=== RECORDS FOR THIS EXERCISE ===

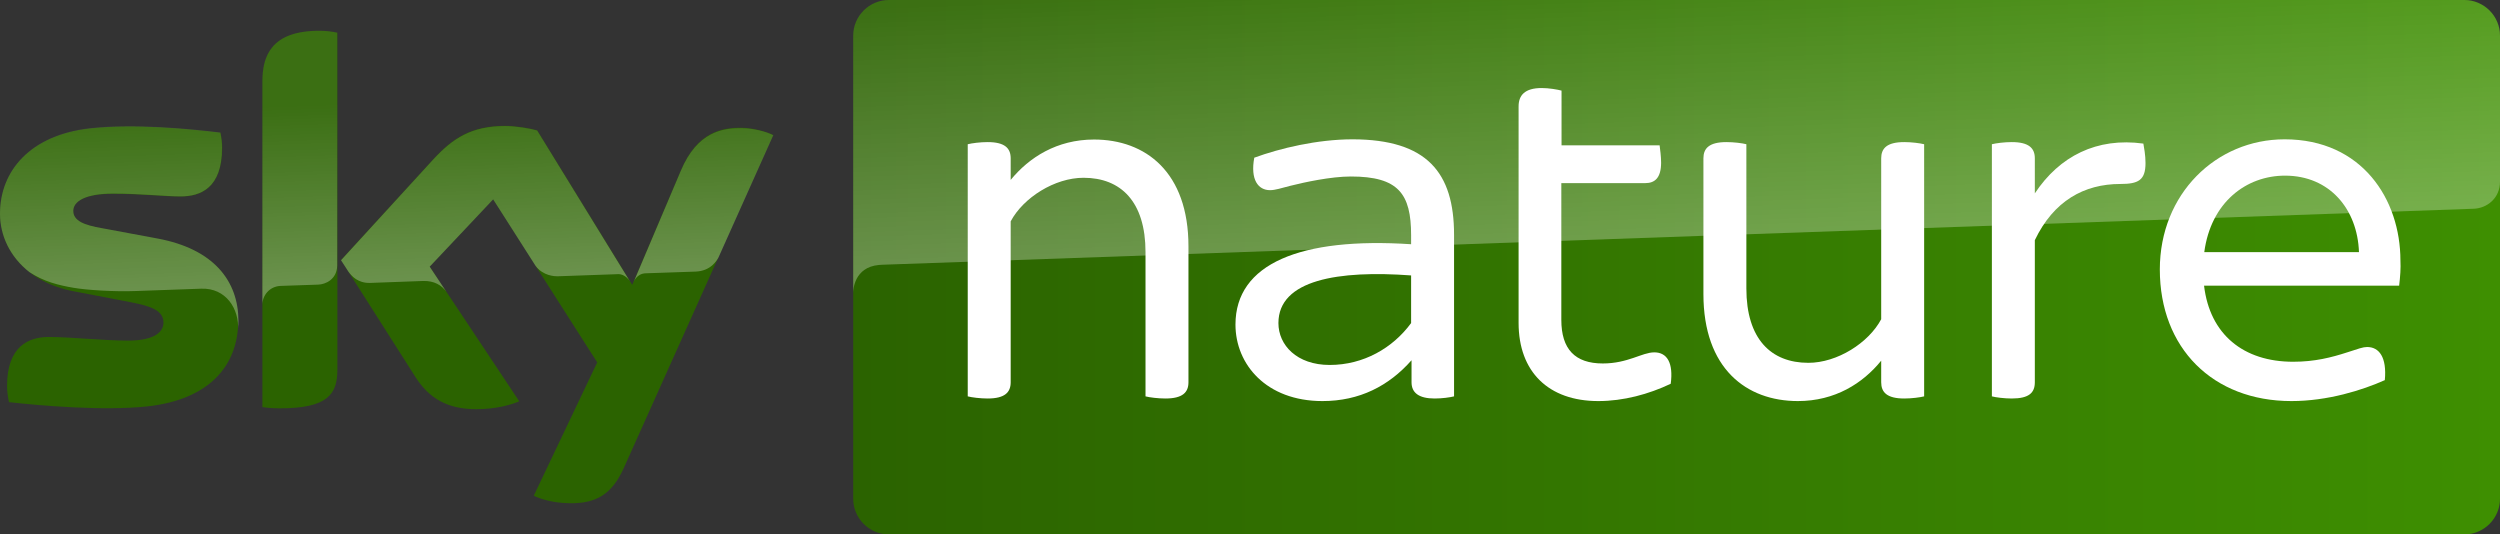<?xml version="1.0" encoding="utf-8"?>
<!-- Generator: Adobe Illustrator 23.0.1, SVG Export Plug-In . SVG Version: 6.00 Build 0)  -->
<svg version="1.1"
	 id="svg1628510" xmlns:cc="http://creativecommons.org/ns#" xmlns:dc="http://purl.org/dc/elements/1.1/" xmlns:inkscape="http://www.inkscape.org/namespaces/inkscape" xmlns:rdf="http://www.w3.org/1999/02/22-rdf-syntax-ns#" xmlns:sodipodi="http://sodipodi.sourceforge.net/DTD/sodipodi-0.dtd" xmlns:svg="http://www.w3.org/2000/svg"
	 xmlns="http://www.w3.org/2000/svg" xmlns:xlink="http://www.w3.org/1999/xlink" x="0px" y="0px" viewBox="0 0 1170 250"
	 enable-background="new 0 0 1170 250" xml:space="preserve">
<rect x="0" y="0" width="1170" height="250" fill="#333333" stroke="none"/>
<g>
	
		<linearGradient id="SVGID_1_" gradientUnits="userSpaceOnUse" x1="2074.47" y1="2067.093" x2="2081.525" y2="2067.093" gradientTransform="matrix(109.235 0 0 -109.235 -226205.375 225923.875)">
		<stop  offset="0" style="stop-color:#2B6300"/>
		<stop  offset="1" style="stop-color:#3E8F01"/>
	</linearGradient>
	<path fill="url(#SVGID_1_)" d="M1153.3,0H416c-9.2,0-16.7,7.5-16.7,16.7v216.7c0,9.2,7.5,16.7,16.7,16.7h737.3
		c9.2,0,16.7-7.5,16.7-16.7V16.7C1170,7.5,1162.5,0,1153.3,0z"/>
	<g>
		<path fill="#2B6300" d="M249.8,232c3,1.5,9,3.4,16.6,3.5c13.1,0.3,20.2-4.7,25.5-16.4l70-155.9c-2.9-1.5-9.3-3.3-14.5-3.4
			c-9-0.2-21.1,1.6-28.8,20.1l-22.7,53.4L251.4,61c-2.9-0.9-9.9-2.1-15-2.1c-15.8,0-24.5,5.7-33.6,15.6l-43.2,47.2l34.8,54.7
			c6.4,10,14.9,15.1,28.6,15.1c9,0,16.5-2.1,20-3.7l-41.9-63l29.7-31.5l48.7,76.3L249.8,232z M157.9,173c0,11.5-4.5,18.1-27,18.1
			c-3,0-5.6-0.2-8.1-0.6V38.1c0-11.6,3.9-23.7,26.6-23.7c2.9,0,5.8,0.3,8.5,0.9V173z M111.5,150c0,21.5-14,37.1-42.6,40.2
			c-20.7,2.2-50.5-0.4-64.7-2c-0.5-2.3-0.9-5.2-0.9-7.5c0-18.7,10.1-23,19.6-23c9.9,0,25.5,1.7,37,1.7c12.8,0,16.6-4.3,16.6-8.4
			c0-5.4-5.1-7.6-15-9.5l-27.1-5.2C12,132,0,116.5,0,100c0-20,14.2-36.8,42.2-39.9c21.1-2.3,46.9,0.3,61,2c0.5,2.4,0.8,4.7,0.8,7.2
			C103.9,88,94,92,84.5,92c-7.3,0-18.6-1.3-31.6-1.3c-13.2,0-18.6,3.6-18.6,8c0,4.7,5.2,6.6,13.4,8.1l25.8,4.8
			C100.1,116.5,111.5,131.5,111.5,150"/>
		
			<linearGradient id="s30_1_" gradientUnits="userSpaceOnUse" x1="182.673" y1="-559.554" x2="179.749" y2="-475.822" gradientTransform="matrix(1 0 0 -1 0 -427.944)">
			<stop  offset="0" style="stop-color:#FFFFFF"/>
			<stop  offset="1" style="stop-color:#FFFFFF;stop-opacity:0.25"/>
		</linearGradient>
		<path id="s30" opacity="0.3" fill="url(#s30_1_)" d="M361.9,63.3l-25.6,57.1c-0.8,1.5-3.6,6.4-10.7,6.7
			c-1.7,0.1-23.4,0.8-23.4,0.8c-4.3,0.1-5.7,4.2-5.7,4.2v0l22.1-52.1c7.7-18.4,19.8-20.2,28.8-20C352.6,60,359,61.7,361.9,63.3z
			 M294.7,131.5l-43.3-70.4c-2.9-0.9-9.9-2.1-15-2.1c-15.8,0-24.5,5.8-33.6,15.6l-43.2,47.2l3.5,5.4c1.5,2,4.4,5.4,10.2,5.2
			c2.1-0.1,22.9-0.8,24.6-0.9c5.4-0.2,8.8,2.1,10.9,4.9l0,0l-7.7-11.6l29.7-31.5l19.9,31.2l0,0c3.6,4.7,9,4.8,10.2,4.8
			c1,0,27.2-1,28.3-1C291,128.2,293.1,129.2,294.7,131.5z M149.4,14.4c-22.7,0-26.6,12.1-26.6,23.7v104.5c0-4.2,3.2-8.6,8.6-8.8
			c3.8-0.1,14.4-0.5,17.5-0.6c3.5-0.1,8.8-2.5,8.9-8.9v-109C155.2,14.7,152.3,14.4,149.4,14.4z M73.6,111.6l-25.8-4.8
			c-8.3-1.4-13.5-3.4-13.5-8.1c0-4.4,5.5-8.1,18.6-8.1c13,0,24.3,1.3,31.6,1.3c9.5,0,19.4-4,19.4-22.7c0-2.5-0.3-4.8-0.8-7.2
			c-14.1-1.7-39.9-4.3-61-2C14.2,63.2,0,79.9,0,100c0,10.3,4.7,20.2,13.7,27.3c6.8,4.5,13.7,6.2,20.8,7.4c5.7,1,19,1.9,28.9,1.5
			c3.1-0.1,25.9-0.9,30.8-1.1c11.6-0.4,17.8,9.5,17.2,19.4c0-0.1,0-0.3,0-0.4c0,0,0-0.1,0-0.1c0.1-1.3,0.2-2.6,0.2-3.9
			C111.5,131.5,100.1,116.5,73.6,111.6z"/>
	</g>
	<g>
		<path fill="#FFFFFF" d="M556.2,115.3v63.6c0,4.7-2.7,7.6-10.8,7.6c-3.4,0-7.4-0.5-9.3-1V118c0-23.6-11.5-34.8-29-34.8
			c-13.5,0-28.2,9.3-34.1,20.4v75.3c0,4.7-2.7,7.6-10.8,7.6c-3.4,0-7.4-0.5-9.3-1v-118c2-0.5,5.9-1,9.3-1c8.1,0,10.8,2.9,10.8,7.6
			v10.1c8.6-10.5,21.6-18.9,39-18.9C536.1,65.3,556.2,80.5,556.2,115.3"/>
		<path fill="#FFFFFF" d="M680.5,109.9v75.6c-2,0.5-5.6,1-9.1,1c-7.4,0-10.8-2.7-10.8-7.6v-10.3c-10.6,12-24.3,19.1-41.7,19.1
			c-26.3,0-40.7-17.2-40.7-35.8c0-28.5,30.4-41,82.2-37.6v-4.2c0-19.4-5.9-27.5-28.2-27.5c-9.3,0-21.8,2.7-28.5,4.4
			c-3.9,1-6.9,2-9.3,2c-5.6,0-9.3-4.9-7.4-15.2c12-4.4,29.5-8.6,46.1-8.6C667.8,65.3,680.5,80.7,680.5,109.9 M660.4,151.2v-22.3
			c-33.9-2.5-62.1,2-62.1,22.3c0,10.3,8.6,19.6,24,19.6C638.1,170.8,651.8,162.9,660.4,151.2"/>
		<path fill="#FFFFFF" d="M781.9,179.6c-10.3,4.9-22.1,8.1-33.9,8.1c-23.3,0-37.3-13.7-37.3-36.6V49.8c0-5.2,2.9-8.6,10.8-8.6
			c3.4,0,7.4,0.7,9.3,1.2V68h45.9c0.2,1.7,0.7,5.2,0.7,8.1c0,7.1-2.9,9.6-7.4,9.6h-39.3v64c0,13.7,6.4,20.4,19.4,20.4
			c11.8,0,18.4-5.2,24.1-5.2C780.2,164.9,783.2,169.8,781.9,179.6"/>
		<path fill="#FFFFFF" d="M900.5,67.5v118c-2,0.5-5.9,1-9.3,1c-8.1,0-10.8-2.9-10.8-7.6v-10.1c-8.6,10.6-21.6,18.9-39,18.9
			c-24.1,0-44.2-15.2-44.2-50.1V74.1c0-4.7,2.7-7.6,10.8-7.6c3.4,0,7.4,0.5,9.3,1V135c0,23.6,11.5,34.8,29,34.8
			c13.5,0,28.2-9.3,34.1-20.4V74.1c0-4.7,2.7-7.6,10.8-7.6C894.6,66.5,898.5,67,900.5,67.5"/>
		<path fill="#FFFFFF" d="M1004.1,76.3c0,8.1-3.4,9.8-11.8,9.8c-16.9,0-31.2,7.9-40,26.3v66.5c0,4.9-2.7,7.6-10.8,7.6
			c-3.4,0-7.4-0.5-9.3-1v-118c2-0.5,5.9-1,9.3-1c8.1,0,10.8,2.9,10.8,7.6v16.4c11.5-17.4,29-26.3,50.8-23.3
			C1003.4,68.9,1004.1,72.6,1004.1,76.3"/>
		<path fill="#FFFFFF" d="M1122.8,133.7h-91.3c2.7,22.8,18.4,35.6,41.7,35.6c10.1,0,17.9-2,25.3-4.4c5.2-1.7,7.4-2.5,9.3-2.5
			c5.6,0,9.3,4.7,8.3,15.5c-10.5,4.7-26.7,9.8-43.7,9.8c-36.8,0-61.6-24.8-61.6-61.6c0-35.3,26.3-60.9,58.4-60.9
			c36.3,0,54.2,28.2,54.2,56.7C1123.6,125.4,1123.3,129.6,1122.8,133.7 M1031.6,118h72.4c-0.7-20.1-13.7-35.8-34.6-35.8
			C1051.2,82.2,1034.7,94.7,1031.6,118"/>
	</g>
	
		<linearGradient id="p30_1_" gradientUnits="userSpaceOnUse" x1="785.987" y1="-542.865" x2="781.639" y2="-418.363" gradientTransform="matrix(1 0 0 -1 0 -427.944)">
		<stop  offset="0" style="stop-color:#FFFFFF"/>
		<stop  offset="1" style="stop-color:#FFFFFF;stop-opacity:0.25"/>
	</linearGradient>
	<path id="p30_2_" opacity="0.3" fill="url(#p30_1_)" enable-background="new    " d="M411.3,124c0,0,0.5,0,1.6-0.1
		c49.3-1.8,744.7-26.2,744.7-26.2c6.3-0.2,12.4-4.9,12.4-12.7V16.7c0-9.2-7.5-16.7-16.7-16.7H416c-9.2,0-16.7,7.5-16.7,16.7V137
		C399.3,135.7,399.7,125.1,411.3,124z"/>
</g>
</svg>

===

WORK INSTRUCTIONS
Search the material for the word "http" and copy each line where it occurs.

ANSWER
	 id="svg1628510" xmlns:cc="http://creativecommons.org/ns#" xmlns:dc="http://purl.org/dc/elements/1.1/" xmlns:inkscape="http://www.inkscape.org/namespaces/inkscape" xmlns:rdf="http://www.w3.org/1999/02/22-rdf-syntax-ns#" xmlns:sodipodi="http://sodipodi.sourceforge.net/DTD/sodipodi-0.dtd" xmlns:svg="http://www.w3.org/2000/svg"
	 xmlns="http://www.w3.org/2000/svg" xmlns:xlink="http://www.w3.org/1999/xlink" x="0px" y="0px" viewBox="0 0 1170 250"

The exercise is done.